As I was looking for Robin’s room, I felt this undying need to tell every helpful nurse [who was hot] that it wasn’t mine. Pre-emptive strike comments to: congratulations or weird interracial or baby wedlock looks, because her name so didn’t match whatever mine would probably be. I sat in the room, which looked better than most hotels that I’ve been accustomed to, with Robin and her mother, and all I could think of was Tom’s mantra: Don’t have kids, Don’t have kids, Don’t have kids. We watched “Everyday Italian,” something that Kris turned me onto because she thought that I would think that
the host was hot and—she is. And then we listened to Charlie’s heartbeat—which sounded amazingly like house music.

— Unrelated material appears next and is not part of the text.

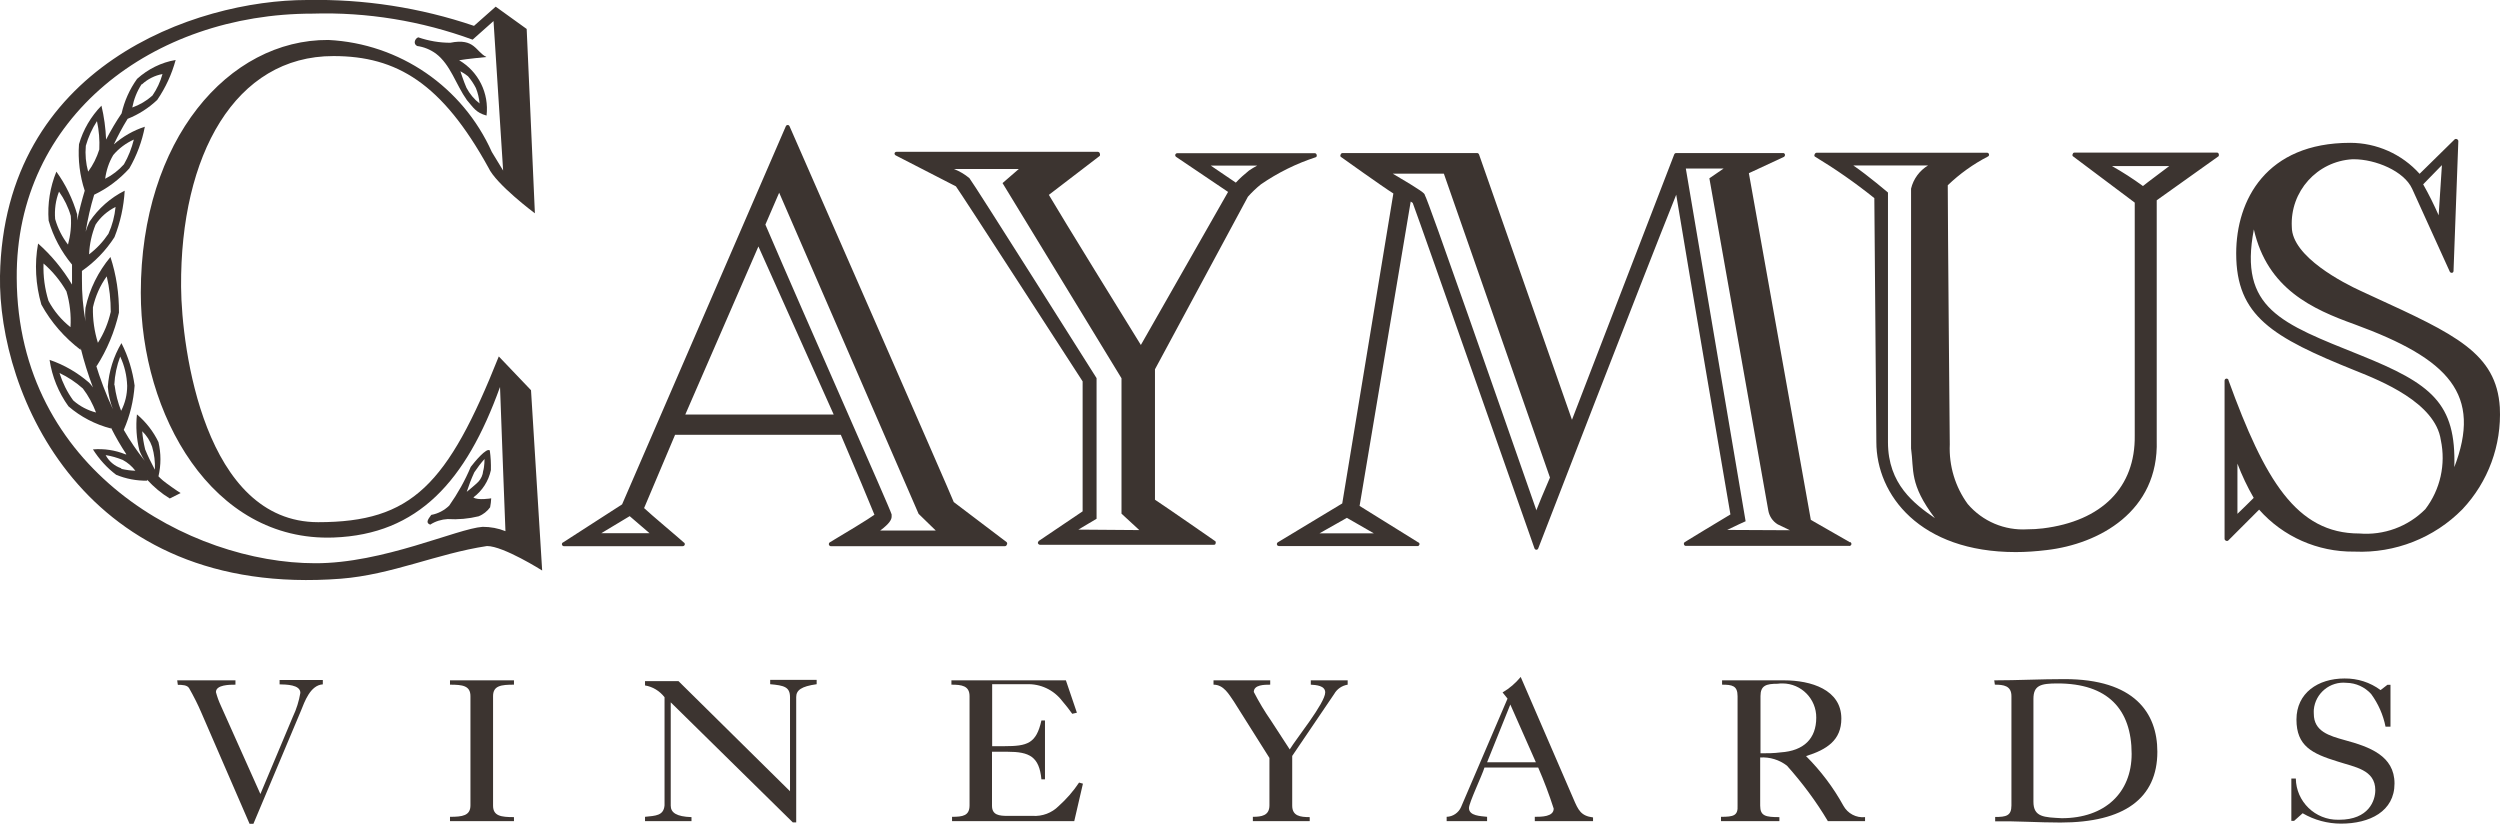 <svg xmlns="http://www.w3.org/2000/svg" id="Layer_2" viewBox="0 0 161.39 53.18"><defs><style>.cls-1{fill:#3c3430;stroke-width:0px;}</style></defs><g id="Layer_1-2"><path class="cls-1" d="m11.44,43.92h3.76v.28c-.36,0-1.26,0-1.26.48.08.3.18.58.31.86l2.56,5.72h0l2.1-5c.23-.48.39-1,.48-1.53,0-.54-.93-.54-1.34-.55v-.28h2.79v.28c-.81.05-1.18,1.13-1.41,1.7l-3.07,7.3h-.25l-3.11-7.17c-.23-.54-.5-1.07-.79-1.58-.12-.21-.45-.22-.73-.22l-.04-.29Z"></path><path class="cls-1" d="m29.05,53.01v-.28c.8,0,1.32-.07,1.32-.74v-7.05c0-.68-.52-.74-1.32-.74v-.28h4.13v.28c-.83,0-1.35.06-1.35.74v7.07c0,.67.52.74,1.35.74v.26h-4.13Z"></path><path class="cls-1" d="m43.3,45.34v6.67c0,.45.37.71,1.34.74v.26h-3v-.28c.69-.07,1.2-.07,1.26-.74h0v-6.98c-.31-.4-.76-.68-1.26-.76v-.28h2.16l7.2,7.11v-6.07c0-.67-.39-.76-1.28-.84v-.28h3v.28c-1,.14-1.32.39-1.32.83v8.09h-.22l-7.88-7.75Z"></path><path class="cls-1" d="m61.46,53.01v-.28c.7,0,1.13-.07,1.13-.74v-7.05c0-.68-.52-.74-1.17-.74v-.28h7.39l.71,2.09-.3.07c-.21-.29-.42-.57-.65-.83-.55-.72-1.41-1.12-2.31-1.08h-2.21v4h.8c1.47,0,2.05-.17,2.38-1.66h.23v3.8h-.23c-.14-1.47-.78-1.78-2.19-1.78h-1v3.49c0,.6.47.65,1,.65h1.62c.63.04,1.24-.19,1.68-.63.5-.45.95-.96,1.32-1.52l.25.07-.56,2.42h-7.89Z"></path><path class="cls-1" d="m78.34,43.92h3.66v.28c-.37,0-1.06,0-1.06.47.33.64.7,1.26,1.11,1.85l1.21,1.86c.42-.7,2.29-3,2.29-3.68,0-.44-.58-.48-.93-.5v-.28h2.38v.28c-.37.06-.69.28-.87.6l-2.71,4v3.21c0,.67.52.74,1.13.74v.26h-3.67v-.28c.55,0,1.07-.07,1.07-.74v-3.06l-2.3-3.65c-.31-.44-.64-1.08-1.31-1.08v-.28Z"></path><path class="cls-1" d="m93.39,53.01v-.28c.4-.01.77-.26.93-.63l3-7-.32-.4c.45-.26.84-.6,1.17-1l3.4,7.86c.32.75.49,1.11,1.27,1.21v.24h-3.76v-.28c.43,0,1.22,0,1.22-.53-.29-.9-.62-1.78-1-2.65h-3.47c-.14.48-1,2.27-1,2.61,0,.52.76.52,1.17.57v.28h-2.61Zm2.61-3.8h3.15l-1.65-3.73-1.5,3.73Z"></path><path class="cls-1" d="m111.17,43.92h4c1.74,0,3.7.6,3.7,2.47,0,1.39-.93,2-2.28,2.42.95.95,1.76,2.02,2.41,3.2.28.51.83.8,1.4.74v.26h-2.4c-.76-1.28-1.65-2.47-2.64-3.58-.49-.38-1.11-.57-1.73-.53v3.11c0,.67.35.74,1.24.74v.26h-3.77v-.28c.81,0,1.11-.07,1.07-.74v-7.05c0-.68-.35-.74-1-.74v-.28Zm6.08,2.41c.01-1.21-.96-2.2-2.17-2.21-.11,0-.21,0-.32.02-.74,0-1.11.11-1.11.8v3.69c.44,0,.87,0,1.31-.06,1.49-.1,2.29-.89,2.29-2.24Z"></path><path class="cls-1" d="m128.74,43.92c1.51,0,3-.08,4.53-.08,4.53,0,6,2.19,6,4.69,0,3-2.13,4.57-6.26,4.57-1.41,0-2.81-.1-4.21-.08v-.28c.7,0,1.05-.07,1.05-.74v-7.06c0-.68-.52-.74-1.07-.74l-.04-.28Zm2.53,7.84c0,1,.7,1,1.83,1.06,2.79,0,4.51-1.65,4.51-4.15,0-2.89-1.55-4.55-4.78-4.55-1.09,0-1.56.12-1.56,1v6.64Z"></path><path class="cls-1" d="m147.92,50.26h.29c.02,1.49,1.25,2.68,2.74,2.66.02,0,.03,0,.05,0,1.93,0,2.34-1.25,2.34-1.91,0-1.33-1.34-1.49-2.43-1.85-1.66-.51-2.66-1-2.66-2.71s1.39-2.65,3.1-2.65c.84-.01,1.66.25,2.33.75l.44-.34h.2v2.7h-.32c-.15-.76-.47-1.48-.93-2.11-.41-.45-.98-.71-1.59-.72-1.06-.11-2.01.67-2.11,1.73,0,.09-.01.18,0,.27,0,1.14,1,1.42,2,1.7,1.58.43,3.21,1,3.21,2.8s-1.6,2.59-3.45,2.59c-.87,0-1.73-.23-2.48-.67l-.55.49h-.18v-2.73Z"></path><path class="cls-1" d="m65,35.01l-3.43-2.6c0-.08-10.6-24.26-10.6-24.26-.03-.07-.1-.1-.17-.07-.03.01-.06.04-.07.07l-10.57,24.41-3.8,2.45c-.07.02-.1.1-.08.16.02.06.09.1.15.09h7.64c.07,0,.13-.05.14-.12,0-.06-.03-.11-.08-.13-.09-.1-2.19-1.86-2.55-2.21l2-4.73h10.7c.92,2.15,1.87,4.41,2.17,5.16-.35.26-1.87,1.18-2.88,1.78-.05.03-.07.09-.06.15.02.06.07.1.13.1h11.23c.06,0,.11-.04.12-.09.04-.04.04-.11,0-.16Zm-23.07-.59h-3.11l1.83-1.1,1.28,1.1Zm2.31-7.66l4.72-10.85,4.86,10.85h-9.58Zm12.58,7.49c.62-.46.74-.72.74-.9,0-.05,0-.09,0-.14-.07-.32-5.46-12.43-8.15-18.71l.89-2.06,9,20.73,1.11,1.08h-3.59Z"></path><path class="cls-1" d="m84.86,9.89h-8.86c-.06,0-.11.04-.13.1-.01.05.01.11.06.14l3.35,2.26-5.63,9.88c-.77-1.24-5.14-8.32-5.94-9.69l3.29-2.52s.03-.1,0-.15c-.01-.06-.06-.1-.12-.11h-13c-.06,0-.11.03-.13.09-.01.06.02.11.07.14,1.43.73,3.76,1.93,3.89,2,.29.38,7.78,11.98,8.18,12.59v8.39l-2.83,1.91s-.07.09-.06.14c.02.06.07.1.13.11h11.21c.06,0,.11,0,.13-.07.02-.05.02-.1,0-.15,0,0-3.06-2.13-3.91-2.69v-8.42l6-11.14c.26-.29.54-.56.84-.8,1.09-.75,2.28-1.34,3.54-1.75.05-.02.08-.08.06-.14,0-.07-.07-.13-.14-.12,0,0,0,0,0,0Zm-15.25,24.3l1.18-.7v-9.08s-8-12.68-8.21-12.91c-.3-.25-.64-.45-1-.59h4.19l-1.05.91,7.68,12.6v8.74l1.15,1.06-3.94-.03Zm11.02-23.18c-.3.24-.59.5-.85.78l-1.62-1.1h3c-.18.1-.36.2-.53.32Z"></path><path class="cls-1" d="m119.43,35.01l-2.53-1.45-4-22.38,2.26-1.05c.05-.03.08-.09.07-.15-.01-.06-.07-.11-.13-.1h-6.9c-.05,0-.1.04-.12.09l-6.6,17.13-6-17.13c-.02-.05-.07-.09-.12-.09h-8.69c-.06,0-.1.04-.12.09-.03.04-.03.11,0,.15.12.08,2.68,1.92,3.4,2.37l-3.3,20.01-4.16,2.51c-.06.04-.08.12-.04.18.02.04.07.06.11.06h9s.08-.07.08-.12c0-.06-.04-.11-.09-.12l-3.78-2.35,3.3-19.65.13.09c.49,1.29,7.78,22.09,7.86,22.3.02.05.07.09.12.09.05,0,.1-.03.12-.08.07-.18,6.73-17.42,8.91-22.84.72,4.41,3.47,20.47,3.5,20.64-.55.32-2.84,1.72-2.94,1.78-.05.03-.08.09-.06.15.01.06.06.1.12.1h10.53c.07.02.14-.03.16-.1.01-.06-.02-.13-.09-.15v.02Zm-30.74-.58h-3.51l1.77-1,1.74,1Zm10.5-1.47c-2.38-6.8-7-20.08-7.21-20.37,0-.1-.15-.25-2.07-1.38h3.3l6.85,19.62c-.44,1.01-.75,1.78-.87,2.09v.04Zm12.31,1.25c.41-.21,1.19-.56,1.19-.56l-3.86-22.77h2.44l-.92.63,3.8,21.42c.06.38.28.72.61.92l.79.38-4.05-.02Z"></path><path class="cls-1" d="m143.12,9.85h-9.19c-.06,0-.11.03-.12.09-.03.04-.03.1,0,.14l4,3v15.03c.05,3.35-2.12,5.53-5.93,6-.33.04-.67.06-1,.06-1.47.09-2.89-.51-3.85-1.63-.81-1.11-1.22-2.47-1.16-3.85,0,0-.13-14.41-.13-16.73.77-.74,1.65-1.37,2.6-1.86.05-.03.08-.08.06-.14-.01-.06-.06-.1-.12-.1h-11c-.06,0-.11.04-.13.1-.03.04-.03.1,0,.14,1.34.81,2.63,1.71,3.85,2.69,0,.75.13,15.12.13,15.74,0,3.42,2.81,7.11,9,7.11.67,0,1.34-.05,2-.13,3.36-.39,7.24-2.48,7.1-7.08v-15.5l4-2.85s.03-.1,0-.14c0-.05-.06-.09-.11-.09Zm-21.24,18.7V12.43s-1.26-1.08-2.24-1.75h4.83c-.55.33-.95.87-1.1,1.5v16.77c.2,1.41-.13,2.29,1.54,4.5-1.33-.92-3.03-2.19-3.03-4.9Zm16.46-16.54c-.64-.47-1.31-.9-2-1.29h3.7c-.59.45-1.37,1.02-1.7,1.29Z"></path><path class="cls-1" d="m161.38,26.31c-.22-3.51-2.88-4.73-8.18-7.16l-.8-.37c-1.05-.48-4.45-2.2-4.45-4.13-.12-2.29,1.63-4.24,3.92-4.37.03,0,.05,0,.08,0,1.4,0,3.25.76,3.77,1.91l2.43,5.35c.03.05.08.08.14.07.06,0,.1-.06.1-.12l.31-8.38c0-.05-.03-.1-.08-.12-.05-.03-.1-.03-.15,0l-2.27,2.23c-1.14-1.27-2.77-2-4.48-2-5.42,0-7.36,3.69-7.36,7.14,0,4.05,2.34,5.41,7.68,7.56,1.68.67,5.18,2.08,5.53,4.49.33,1.56-.03,3.19-1,4.46-1.12,1.13-2.68,1.7-4.26,1.57-4.07,0-6.11-3.47-8.44-9.87h0c0-.07-.06-.13-.13-.13-.07,0-.13.06-.13.13v10.21c0,.05.03.1.08.12.05.03.1.03.15,0l2-2c1.55,1.75,3.78,2.73,6.12,2.71h.06c2.59.11,5.12-.88,6.94-2.73,1.67-1.77,2.54-4.14,2.42-6.57Zm-3.74-15.65l-.21,3.24c-.3-.68-.63-1.35-1-2l1.21-1.24Zm-13.2,22.51v-3.24c.29.76.64,1.5,1.05,2.21-.22.23-.68.67-1.05,1.03Zm14-3c.13-4.15-1.47-5.39-6.06-7.24-5.12-2.06-7.86-3-6.88-8.12.87,3.84,3.78,5.15,6.51,6.13,6.08,2.23,8.26,4.51,6.41,9.27l.02-.04Z"></path><path class="cls-1" d="m34.28,25.19l-2.08-2.18c-3.31,8.31-5.61,10.7-11.66,10.7-7.33,0-8.82-11.18-8.85-15.19-.06-8.51,3.49-14.91,9.84-14.9,4.09,0,7,1.76,10,7.2.5,1.09,3,2.95,3,2.95l-.53-11.9-2-1.44-1.4,1.24C27.13.49,23.48-.07,19.82,0,12.63,0,.25,4.26,0,17.81c-.13,7.55,5.37,20.83,22,19.55,3.31-.26,6.2-1.62,9.44-2.11,1.06,0,3.56,1.58,3.56,1.58l-.72-11.64Zm-3.12,8.82c-1.64.11-6.44,2.37-10.82,2.35-8,0-19.2-6-19.26-18.4C1,7.52,9.92.88,20.17.88c3.52-.11,7.03.47,10.34,1.68l1.35-1.2.62,9.65-.73-1.2c-1.88-4.2-5.95-7-10.55-7.23-6.44-.04-12.11,6.43-12.11,16.32,0,7.82,4.57,16.09,12.45,15.8,5.45-.2,8.54-3.62,10.74-9.72.06,1.84.35,9.31.35,9.31-.47-.19-.97-.28-1.47-.28Z"></path><path class="cls-1" d="m30.56,32.11c.58-.43.98-1.06,1.13-1.76.01-.42-.01-.85-.07-1.27-.21-.21-1,.76-1.23,1.06-.37.88-.84,1.72-1.39,2.5-.32.31-.72.52-1.16.6-.14.21-.42.49-.07.63.34-.22.73-.34,1.13-.36.67.04,1.35-.02,2-.18.3-.12.55-.32.74-.58.04-.19.06-.39.07-.58,0,0-.88.15-1.15-.06Zm.06-1.62c.2-.3.42-.59.66-.86,0,0,0,.49-.09.78-.02.25-.13.49-.3.68-.2.21-.76.66-.76.66.14-.43.3-.85.49-1.26Z"></path><path class="cls-1" d="m29.64,3.89c.42-.08,1.76-.21,1.76-.21-.7-.35-.75-1.24-2.33-.92-.7,0-1.4-.12-2.07-.35-.21.07-.35.42-.07.56.44.06.85.23,1.21.49.95.72,1.29,2,2,3,.42.48.57.81,1.27,1,.17-1.44-.52-2.84-1.77-3.57Zm.47,1.77c-.18-.41-.39-1.06-.39-1.06.17.09.34.2.49.32.2.23.37.49.51.76.13.32.21.66.24,1-.35-.27-.64-.62-.85-1.02Z"></path><path class="cls-1" d="m11.66,31.83c-.22-.13-.9-.61-1.13-.8-.1-.09-.21-.18-.3-.28.17-.73.17-1.48,0-2.21-.33-.69-.81-1.3-1.39-1.79-.08.78-.03,1.57.16,2.33.09.24.21.46.35.67-.51-.63-.96-1.3-1.36-2,.4-.91.63-1.87.7-2.86-.13-.95-.41-1.88-.85-2.74-.51.86-.81,1.82-.88,2.82.04.5.15.99.33,1.45-.45-.97-.83-1.97-1.14-3l.08.23c.68-1.06,1.17-2.24,1.45-3.47.01-1.22-.17-2.43-.55-3.59-.79.95-1.35,2.07-1.61,3.28-.03.29-.03.59,0,.88-.16-.91-.24-1.83-.23-2.76v-.5c.83-.58,1.55-1.32,2.1-2.18.38-.96.6-1.97.66-3-.92.46-1.7,1.15-2.27,2-.1.21-.19.43-.25.65.13-.81.31-1.61.55-2.39h0c.86-.41,1.63-.99,2.27-1.7.48-.83.82-1.74,1-2.69-.74.24-1.42.63-2,1.14.27-.57.56-1.12.89-1.65.71-.28,1.36-.7,1.91-1.22.54-.79.94-1.66,1.19-2.58-.93.16-1.79.59-2.49,1.22-.48.67-.82,1.43-1,2.23-.37.54-.7,1.11-1,1.69-.03-.74-.13-1.47-.3-2.19-.68.7-1.18,1.55-1.45,2.49-.07,1.01.05,2.03.37,3h0c-.18.6-.35,1.24-.49,1.92.01-.13.01-.27,0-.4-.29-.99-.74-1.92-1.34-2.75-.41,1-.58,2.08-.5,3.16.3,1.04.82,2.01,1.51,2.84v1.29c-.59-.99-1.33-1.89-2.19-2.65-.24,1.31-.16,2.66.21,3.94.63,1.15,1.5,2.14,2.54,2.93v-.12c.21.86.48,1.71.79,2.54-.07-.11-.16-.22-.25-.31-.75-.65-1.61-1.15-2.55-1.47.16,1.08.58,2.11,1.22,3,.79.68,1.73,1.17,2.74,1.43,0-.02,0-.04,0-.06.3.6.63,1.17,1,1.73h-.06c-.66-.27-1.38-.38-2.1-.32.4.63.9,1.19,1.5,1.64.63.26,1.31.39,2,.38,0-.02,0-.04,0-.06.43.47.92.88,1.46,1.21l.7-.35ZM6.17,14.5c.32-.49.77-.88,1.29-1.14-.06.6-.21,1.18-.46,1.73-.34.51-.76.96-1.25,1.33.03-.66.17-1.31.42-1.92Zm3-9.06c.37-.34.83-.57,1.32-.66-.14.5-.36.97-.65,1.39-.38.34-.82.6-1.3.77.1-.53.3-1.04.6-1.5h.03Zm-1.86,4.57c.36-.43.82-.77,1.33-1-.14.56-.35,1.1-.64,1.6-.34.38-.75.7-1.21.93.07-.54.24-1.06.52-1.53Zm-1.77-.6c.16-.56.4-1.1.72-1.59.13.6.18,1.22.15,1.83-.16.51-.4,1-.72,1.43-.15-.54-.2-1.11-.15-1.67Zm-1.15,6.38c-.38-.49-.66-1.05-.83-1.65-.05-.6.03-1.21.25-1.77.34.48.6,1.01.76,1.57.05.62-.02,1.25-.18,1.85Zm.16,5.33c-.58-.46-1.07-1.04-1.42-1.7-.24-.78-.35-1.59-.32-2.41.59.51,1.09,1.12,1.48,1.8.22.75.31,1.53.26,2.31Zm1.45-1.28c.16-.72.46-1.4.89-2,.18.75.26,1.52.26,2.29-.16.71-.44,1.39-.83,2-.23-.74-.34-1.51-.32-2.29Zm-1.28,6c-.39-.54-.68-1.13-.88-1.76.55.26,1.06.6,1.51,1,.36.47.64,1,.85,1.55-.54-.14-1.04-.4-1.46-.77l-.02-.02Zm2.66-1c.03-.62.16-1.24.38-1.82.28.59.43,1.24.45,1.89,0,.56-.13,1.11-.39,1.61-.21-.53-.35-1.08-.42-1.64l-.02-.04Zm.44,5.39c-.43-.15-.79-.45-1-.85.38.06.75.17,1.1.31.32.17.6.41.82.7-.3-.01-.6-.05-.9-.12l-.02-.04Zm2.13,0c-.21-.4-.41-.8-.58-1.22-.09-.38-.16-.78-.19-1.17.29.28.51.62.64,1,.14.48.2.98.18,1.48l-.05-.09Z"></path></g></svg>

That was two Friday’s ago. Kris came in Sunday. I saw him Monday, and then it was a few visits with the doctor to make sure all things were in order. I sat in the waiting room with Tom and we both stared at the sign that read: My Breast Friend: A Mother’s Guide to Breast Feeding. Note to Reader: It is a real pamphlet and not me just being all witty. He looked at me and said rule number two [which means don’t have kids]. But I'm sure he is re-evaluating that rule. I don't blame him though, the idea of breast, sexual icon, to breast, milk tap, is a little bit hard to swallow [pun intended].